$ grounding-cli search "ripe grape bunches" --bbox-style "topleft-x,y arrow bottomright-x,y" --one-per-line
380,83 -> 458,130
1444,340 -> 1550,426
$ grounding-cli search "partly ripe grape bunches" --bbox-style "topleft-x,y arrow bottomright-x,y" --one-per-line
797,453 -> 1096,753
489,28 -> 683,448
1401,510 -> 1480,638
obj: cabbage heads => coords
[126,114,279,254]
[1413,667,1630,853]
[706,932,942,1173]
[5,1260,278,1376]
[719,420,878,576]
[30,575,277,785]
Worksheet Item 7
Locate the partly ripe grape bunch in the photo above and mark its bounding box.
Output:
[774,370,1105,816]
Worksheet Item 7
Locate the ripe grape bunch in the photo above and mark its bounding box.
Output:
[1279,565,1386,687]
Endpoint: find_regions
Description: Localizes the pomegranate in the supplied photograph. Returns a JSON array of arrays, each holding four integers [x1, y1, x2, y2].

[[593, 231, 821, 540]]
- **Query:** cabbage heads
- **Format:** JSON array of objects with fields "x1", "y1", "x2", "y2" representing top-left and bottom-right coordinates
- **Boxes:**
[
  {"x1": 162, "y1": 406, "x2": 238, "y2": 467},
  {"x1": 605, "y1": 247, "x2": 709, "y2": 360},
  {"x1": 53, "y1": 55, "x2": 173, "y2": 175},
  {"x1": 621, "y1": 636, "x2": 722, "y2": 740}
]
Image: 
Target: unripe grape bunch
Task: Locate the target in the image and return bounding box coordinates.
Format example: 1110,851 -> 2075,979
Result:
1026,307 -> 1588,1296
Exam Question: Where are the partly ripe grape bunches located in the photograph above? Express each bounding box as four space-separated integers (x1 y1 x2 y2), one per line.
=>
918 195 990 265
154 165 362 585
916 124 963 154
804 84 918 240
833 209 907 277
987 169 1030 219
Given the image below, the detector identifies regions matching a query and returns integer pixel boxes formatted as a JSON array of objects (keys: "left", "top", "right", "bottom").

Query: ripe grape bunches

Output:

------------------------------------------------------------

## AIM OF THE EXERCISE
Please return the span of lines above that opens with the one containing "obj: cabbage heads => coords" and closes with the final line, both included, exactly as written and nothing more.

## YOUR RESPONSE
obj: cabbage heads => coords
[126,114,279,254]
[1413,667,1630,853]
[706,932,942,1173]
[5,1260,278,1376]
[719,420,878,576]
[30,575,277,785]
Worksheet Item 7
Locate the partly ripe grape bunch in the photo above and mark its bounding box.
Output:
[774,370,1105,816]
Worksheet Item 7
Locate the ripe grape bunch in the photo above and mark its bounding box.
Output:
[1279,565,1386,687]
Endpoint: find_regions
Description: Localizes the pomegranate in the supplied photograph. Returns a JSON array of arrays, each holding four integers [x1, y1, x2, y2].

[[593, 231, 821, 540]]
- **Query:** cabbage heads
- **Format:** JSON array of objects with fields "x1", "y1", "x2", "y2" representing top-left and bottom-right coordinates
- **Boxes:**
[
  {"x1": 162, "y1": 406, "x2": 238, "y2": 467},
  {"x1": 605, "y1": 247, "x2": 709, "y2": 360},
  {"x1": 53, "y1": 55, "x2": 173, "y2": 175},
  {"x1": 621, "y1": 636, "x2": 722, "y2": 740}
]
Image: 
Target: unripe grape bunch
Task: Locate the target in the image and return bounding box coordinates.
Format example: 1110,851 -> 2075,979
Result:
1026,307 -> 1588,1296
Exam Question: Where are the partly ripe grape bunches located in the photograph above? Express each bounding box as four space-separated integers (x1 y1 x2 y2), one per line.
=>
918 195 990 265
154 165 362 585
916 124 963 154
804 84 918 240
833 209 907 277
987 169 1030 219
Given the image below, the detector identifies regions matching a query and returns integer pixel boxes formatted as a JSON array of objects (keys: "left", "top", "right", "bottom").

Query: ripe grape bunches

Output:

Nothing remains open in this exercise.